Date: Sun, 5 Jan 1997 15:43:03 -0500
From: Cyril
To: Ahuva
Subject: Your AGM paper

Dear Ahuva:    I don't know if I can contribute anything to your paper, but
I'll try.    Due to some problems I was having with a new server, I wasn't
able to get into newsgroups for quite a long time, and by the time I was
back on line and into AGM I caught only the tail-end of the flame war you
are referring to.    (By the way, it seems that while I was "away" you were
married!  A very hearty mazal tov to you and your very lucky man.)

But even so I was able to feel the emotions of members at what had been
going on.     Some time last year a similar situation arose, and some of my
remarks will be based on  my observations during that period.

The outstanding feature of AGM is the willingness of members to bare their
souls to each other.  I know that there is a lot of discussion about the
ease with which one can disguise oneself on the Internet, even making
sex-changes ad lib.      But for me, taking messages at their face value is
my way to function, and in my own contacts with AGMers, either through the
group or by personal e-mail contact, I have always been completely frank in
my remarks and in self-description.    And I have felt the same attitude
coming in from the outside.

Because of this quality, a flame becomes a deadly weapon.    We are left
without a shield -- it's as if one's confidences in a trusted friend had
been betrayed.   I  hate the idea that some of the thugs and morons who
frequent the Internet can go into the group and read posts that are, in
many cases, very personal and often poignantly affecting to both the writer
and the reader.   To me it feels as if a bunch of  neo-Nazis/skinheads were
gate-crashing a private and intimate gathering of close friends.

But the way AGMers have dealt with the problem is in line with the whole
philosophy of the group: very little reflexive back-flaming, but a lot of
forgive and forget.   And I'm glad that the name wasn't changed.    That
would have been a surrender, a giving up of place that would have  handed
the victory to the violent, something which has occurred only too often in
world history, and in fact, in personal history.

As the oldest person in the group, I have tremendously enjoyed the young
people who are AGMers (I know there are some almost as old as I am, but
it's the younger ones I'm referring to.)    My faith in the younger
generation has largely been restored by learning that there are so many out
there who have their hearts in the right place, who can sympathize with
another's pain, who can speak so frankly about their own lives.
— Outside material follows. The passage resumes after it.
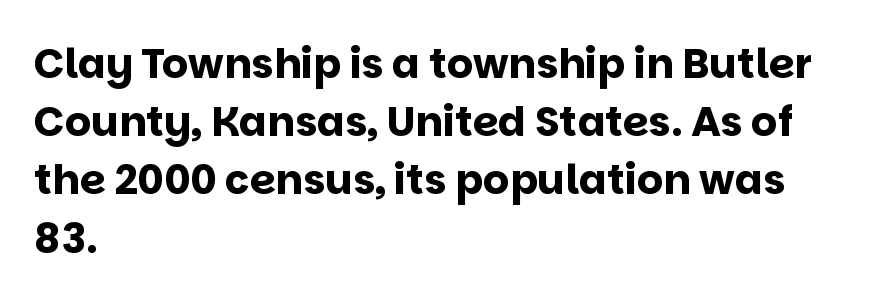
What's the leading like? Ordinary, nothing unusual. Letter spacing: default. Serifs: no, the terminals of the letterforms are clean. Typographic density is high because the face is bold. Has an underline been added? It has not.

For all we
know, (we who haven't been lucky enough to attend face-to-face gatherings),
the group may well be the only place where some of our cyberfriends can
talk about the pleasures and sufferings of their lives.     For that alone
AGM deserves a place in the literature of compassion and
brother/sisterhood.

This has been quite a rambling essay, Ahuva, but I hope you can get
something out of it.   If you have some specific questions you would like
to ask me, just send me an e-mail, and I'll try to answer.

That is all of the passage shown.